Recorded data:
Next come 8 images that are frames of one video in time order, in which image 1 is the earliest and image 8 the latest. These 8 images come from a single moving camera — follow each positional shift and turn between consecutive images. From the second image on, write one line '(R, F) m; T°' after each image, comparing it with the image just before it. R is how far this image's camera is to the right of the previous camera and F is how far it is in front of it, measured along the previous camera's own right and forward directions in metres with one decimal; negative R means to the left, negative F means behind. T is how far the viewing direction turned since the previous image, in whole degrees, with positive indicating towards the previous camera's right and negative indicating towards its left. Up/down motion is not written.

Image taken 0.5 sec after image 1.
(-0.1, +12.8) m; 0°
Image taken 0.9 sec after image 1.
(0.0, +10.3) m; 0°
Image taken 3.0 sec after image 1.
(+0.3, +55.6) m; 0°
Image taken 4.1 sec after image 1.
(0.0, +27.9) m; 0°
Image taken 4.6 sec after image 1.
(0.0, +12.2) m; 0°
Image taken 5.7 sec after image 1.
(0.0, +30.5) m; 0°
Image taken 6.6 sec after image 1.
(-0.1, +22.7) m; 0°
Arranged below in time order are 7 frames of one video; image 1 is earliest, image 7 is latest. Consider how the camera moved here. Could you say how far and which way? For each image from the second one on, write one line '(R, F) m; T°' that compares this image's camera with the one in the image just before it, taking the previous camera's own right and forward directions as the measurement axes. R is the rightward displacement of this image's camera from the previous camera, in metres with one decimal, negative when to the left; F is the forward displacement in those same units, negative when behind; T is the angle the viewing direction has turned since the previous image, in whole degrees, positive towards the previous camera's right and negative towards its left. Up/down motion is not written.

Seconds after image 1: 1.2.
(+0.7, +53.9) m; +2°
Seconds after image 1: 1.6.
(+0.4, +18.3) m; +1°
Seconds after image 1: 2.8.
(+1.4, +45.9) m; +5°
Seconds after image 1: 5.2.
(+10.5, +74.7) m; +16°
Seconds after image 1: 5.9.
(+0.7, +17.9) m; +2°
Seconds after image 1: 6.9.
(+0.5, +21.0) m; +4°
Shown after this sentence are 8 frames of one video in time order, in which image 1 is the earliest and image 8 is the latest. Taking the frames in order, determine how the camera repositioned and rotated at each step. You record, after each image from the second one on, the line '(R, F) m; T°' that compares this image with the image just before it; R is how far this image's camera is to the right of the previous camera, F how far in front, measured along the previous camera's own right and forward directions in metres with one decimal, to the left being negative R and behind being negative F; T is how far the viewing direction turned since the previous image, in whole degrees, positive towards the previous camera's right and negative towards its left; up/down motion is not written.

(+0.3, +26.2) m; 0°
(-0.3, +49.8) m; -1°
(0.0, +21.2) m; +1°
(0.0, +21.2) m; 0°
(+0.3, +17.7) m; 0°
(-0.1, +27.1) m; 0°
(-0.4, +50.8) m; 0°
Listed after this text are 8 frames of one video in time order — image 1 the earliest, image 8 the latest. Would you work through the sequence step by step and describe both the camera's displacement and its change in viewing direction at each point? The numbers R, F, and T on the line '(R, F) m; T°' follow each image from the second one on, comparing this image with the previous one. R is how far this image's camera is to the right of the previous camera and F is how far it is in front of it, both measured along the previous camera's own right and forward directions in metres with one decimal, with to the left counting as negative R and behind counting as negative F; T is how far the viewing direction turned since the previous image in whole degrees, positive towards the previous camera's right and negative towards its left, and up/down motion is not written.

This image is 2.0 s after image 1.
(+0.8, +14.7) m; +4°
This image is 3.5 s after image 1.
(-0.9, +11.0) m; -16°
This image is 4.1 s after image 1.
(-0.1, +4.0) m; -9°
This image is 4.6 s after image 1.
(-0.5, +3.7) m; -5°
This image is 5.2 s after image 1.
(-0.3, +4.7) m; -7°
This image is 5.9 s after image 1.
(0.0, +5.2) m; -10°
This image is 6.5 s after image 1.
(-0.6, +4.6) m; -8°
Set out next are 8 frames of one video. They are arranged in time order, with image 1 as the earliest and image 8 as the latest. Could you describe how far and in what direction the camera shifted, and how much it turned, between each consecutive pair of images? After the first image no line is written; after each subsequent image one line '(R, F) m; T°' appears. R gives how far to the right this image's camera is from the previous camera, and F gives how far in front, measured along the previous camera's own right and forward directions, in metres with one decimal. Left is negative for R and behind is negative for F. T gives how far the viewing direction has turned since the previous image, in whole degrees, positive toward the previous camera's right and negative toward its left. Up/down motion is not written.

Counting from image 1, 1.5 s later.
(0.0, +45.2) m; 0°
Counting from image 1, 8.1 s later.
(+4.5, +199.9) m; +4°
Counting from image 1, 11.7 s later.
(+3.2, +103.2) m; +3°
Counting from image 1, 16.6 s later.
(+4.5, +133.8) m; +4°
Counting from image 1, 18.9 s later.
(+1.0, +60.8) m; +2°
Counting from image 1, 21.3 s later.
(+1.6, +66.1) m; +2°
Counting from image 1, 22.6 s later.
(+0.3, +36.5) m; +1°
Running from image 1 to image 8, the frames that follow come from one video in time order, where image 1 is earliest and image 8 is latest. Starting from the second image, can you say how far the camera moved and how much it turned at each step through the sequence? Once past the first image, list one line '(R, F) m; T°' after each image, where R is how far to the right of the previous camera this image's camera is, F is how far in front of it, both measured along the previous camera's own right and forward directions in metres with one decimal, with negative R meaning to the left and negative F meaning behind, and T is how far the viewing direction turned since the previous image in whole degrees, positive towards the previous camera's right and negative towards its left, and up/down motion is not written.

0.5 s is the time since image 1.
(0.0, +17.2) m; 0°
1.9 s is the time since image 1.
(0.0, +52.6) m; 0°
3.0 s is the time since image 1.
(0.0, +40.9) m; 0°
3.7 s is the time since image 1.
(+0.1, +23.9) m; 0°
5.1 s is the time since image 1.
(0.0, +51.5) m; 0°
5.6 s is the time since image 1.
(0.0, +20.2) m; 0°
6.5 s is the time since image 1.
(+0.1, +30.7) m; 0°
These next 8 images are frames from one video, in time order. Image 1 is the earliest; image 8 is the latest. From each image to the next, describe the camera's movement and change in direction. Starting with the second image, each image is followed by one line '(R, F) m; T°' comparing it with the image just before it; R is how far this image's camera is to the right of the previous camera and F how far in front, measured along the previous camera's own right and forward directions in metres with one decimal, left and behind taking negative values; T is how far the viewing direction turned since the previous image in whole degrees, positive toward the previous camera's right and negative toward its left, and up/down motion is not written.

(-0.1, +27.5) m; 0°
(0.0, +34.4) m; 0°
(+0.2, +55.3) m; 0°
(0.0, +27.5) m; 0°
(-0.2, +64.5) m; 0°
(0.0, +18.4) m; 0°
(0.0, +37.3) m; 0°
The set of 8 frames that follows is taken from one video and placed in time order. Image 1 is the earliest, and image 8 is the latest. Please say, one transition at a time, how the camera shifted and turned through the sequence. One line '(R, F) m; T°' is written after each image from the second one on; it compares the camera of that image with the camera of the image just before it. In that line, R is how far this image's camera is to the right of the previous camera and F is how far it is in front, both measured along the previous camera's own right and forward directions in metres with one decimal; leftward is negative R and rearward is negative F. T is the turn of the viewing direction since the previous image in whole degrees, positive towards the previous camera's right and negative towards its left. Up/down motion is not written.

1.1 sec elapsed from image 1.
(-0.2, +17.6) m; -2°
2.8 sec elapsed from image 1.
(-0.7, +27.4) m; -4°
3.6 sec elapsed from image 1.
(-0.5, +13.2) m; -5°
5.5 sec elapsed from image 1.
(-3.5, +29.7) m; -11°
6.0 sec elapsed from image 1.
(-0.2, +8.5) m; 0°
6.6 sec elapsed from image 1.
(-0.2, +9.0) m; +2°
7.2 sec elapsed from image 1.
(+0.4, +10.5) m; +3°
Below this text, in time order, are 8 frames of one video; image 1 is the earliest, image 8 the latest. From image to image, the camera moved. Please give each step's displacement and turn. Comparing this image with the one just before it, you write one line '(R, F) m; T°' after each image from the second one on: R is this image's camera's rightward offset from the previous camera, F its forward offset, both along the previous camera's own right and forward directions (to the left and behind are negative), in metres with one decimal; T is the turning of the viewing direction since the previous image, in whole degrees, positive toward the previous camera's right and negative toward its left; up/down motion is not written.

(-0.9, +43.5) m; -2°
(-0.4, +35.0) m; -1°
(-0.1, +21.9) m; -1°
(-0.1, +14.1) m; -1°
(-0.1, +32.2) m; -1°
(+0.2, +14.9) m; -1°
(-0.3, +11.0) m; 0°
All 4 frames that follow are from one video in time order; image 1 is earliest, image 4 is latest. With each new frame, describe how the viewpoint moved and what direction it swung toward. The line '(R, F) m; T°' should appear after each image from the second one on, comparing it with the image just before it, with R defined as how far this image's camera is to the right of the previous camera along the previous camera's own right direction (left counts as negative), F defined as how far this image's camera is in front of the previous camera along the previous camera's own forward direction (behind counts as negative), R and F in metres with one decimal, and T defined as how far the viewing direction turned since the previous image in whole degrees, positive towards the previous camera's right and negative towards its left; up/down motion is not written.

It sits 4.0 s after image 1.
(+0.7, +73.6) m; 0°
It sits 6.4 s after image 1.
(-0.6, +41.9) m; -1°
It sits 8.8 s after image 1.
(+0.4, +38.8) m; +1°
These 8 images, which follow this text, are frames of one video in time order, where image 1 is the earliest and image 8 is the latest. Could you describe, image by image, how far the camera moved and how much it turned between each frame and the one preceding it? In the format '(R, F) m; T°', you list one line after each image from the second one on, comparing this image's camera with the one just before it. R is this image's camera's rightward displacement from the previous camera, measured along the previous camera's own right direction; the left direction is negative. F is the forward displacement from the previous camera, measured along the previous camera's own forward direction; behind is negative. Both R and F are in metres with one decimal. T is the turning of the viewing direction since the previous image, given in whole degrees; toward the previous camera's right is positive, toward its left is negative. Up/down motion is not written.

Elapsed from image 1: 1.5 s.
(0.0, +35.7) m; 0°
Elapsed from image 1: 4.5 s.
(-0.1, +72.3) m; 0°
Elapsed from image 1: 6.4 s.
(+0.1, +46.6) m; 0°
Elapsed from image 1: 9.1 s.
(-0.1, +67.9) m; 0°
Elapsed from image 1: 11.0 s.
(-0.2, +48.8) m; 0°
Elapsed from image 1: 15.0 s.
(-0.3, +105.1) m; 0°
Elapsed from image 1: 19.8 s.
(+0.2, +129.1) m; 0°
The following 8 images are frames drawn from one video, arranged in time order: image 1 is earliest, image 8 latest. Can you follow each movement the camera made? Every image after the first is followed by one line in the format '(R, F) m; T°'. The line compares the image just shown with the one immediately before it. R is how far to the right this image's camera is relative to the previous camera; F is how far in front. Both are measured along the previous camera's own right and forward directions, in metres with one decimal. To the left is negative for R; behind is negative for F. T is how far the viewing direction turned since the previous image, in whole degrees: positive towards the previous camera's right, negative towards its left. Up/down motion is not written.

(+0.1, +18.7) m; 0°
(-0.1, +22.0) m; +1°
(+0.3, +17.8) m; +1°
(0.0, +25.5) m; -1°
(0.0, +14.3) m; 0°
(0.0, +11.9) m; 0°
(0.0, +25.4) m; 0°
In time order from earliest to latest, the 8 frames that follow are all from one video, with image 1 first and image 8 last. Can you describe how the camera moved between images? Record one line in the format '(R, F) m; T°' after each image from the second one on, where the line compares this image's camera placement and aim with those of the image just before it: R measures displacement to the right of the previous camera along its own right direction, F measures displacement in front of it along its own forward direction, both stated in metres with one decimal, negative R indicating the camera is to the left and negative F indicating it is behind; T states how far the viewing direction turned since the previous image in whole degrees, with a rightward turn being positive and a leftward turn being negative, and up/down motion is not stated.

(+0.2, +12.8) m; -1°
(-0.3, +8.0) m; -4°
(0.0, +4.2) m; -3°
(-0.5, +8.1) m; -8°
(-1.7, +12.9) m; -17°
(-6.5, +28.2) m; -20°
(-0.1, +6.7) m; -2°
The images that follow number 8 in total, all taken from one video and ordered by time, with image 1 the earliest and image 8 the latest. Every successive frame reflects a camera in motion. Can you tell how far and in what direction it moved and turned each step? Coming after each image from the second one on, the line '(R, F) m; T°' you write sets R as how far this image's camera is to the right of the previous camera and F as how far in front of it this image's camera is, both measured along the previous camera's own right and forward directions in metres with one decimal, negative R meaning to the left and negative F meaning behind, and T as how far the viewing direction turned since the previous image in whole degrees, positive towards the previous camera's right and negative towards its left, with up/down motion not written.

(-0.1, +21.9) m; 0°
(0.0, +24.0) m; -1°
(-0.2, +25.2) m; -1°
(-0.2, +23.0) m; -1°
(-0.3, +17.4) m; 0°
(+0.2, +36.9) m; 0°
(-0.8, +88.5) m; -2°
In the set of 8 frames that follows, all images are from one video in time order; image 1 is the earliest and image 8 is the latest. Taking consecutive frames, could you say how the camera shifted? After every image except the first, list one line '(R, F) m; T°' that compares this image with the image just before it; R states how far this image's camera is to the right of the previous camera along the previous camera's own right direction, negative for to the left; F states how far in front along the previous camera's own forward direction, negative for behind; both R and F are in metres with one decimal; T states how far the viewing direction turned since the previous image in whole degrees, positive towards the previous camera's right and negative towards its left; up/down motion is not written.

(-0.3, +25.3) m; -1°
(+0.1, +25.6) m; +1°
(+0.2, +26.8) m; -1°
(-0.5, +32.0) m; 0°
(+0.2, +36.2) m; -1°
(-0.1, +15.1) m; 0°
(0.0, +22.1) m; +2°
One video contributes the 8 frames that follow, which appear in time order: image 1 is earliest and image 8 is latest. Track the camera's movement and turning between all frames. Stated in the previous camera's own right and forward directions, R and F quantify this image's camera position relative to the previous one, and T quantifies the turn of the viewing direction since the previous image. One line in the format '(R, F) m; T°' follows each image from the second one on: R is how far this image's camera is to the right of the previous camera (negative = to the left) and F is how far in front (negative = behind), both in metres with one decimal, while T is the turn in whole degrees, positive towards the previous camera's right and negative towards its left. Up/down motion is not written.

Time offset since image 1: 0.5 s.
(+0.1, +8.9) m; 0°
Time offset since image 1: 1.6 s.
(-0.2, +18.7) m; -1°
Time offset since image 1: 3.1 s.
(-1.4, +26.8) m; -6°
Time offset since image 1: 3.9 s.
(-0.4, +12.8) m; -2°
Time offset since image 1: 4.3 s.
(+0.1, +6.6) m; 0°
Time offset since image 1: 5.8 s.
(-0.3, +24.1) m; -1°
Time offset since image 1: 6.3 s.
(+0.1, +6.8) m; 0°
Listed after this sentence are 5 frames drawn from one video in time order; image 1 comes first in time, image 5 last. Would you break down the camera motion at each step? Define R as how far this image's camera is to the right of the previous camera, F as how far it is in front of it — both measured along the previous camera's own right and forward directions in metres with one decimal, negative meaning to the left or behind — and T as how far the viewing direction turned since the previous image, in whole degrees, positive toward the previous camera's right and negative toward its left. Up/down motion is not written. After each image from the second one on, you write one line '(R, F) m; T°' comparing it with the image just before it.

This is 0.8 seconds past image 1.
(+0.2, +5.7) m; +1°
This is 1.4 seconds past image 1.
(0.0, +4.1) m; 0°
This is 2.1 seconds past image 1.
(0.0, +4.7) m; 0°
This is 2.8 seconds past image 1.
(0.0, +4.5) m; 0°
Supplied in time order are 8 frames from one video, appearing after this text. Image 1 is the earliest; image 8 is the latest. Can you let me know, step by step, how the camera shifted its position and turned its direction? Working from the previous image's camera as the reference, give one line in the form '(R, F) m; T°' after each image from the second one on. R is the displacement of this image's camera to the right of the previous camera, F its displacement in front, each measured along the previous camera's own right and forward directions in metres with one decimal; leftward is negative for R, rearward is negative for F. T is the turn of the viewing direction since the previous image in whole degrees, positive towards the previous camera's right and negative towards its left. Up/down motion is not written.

• [Task to complete] Search the records for the word "Would", then list every line that has it.

• [Written response]
Listed after this text are 8 frames of one video in time order — image 1 the earliest, image 8 the latest. Would you work through the sequence step by step and describe both the camera's displacement and its change in viewing direction at each point? The numbers R, F, and T on the line '(R, F) m; T°' follow each image from the second one on, comparing this image with the previous one. R is how far this image's camera is to the right of the previous camera and F is how far it is in front of it, both measured along the previous camera's own right and forward directions in metres with one decimal, with to the left counting as negative R and behind counting as negative F; T is how far the viewing direction turned since the previous image in whole degrees, positive towards the previous camera's right and negative towards its left, and up/down motion is not written.
Listed after this sentence are 5 frames drawn from one video in time order; image 1 comes first in time, image 5 last. Would you break down the camera motion at each step? Define R as how far this image's camera is to the right of the previous camera, F as how far it is in front of it — both measured along the previous camera's own right and forward directions in metres with one decimal, negative meaning to the left or behind — and T as how far the viewing direction turned since the previous image, in whole degrees, positive toward the previous camera's right and negative toward its left. Up/down motion is not written. After each image from the second one on, you write one line '(R, F) m; T°' comparing it with the image just before it.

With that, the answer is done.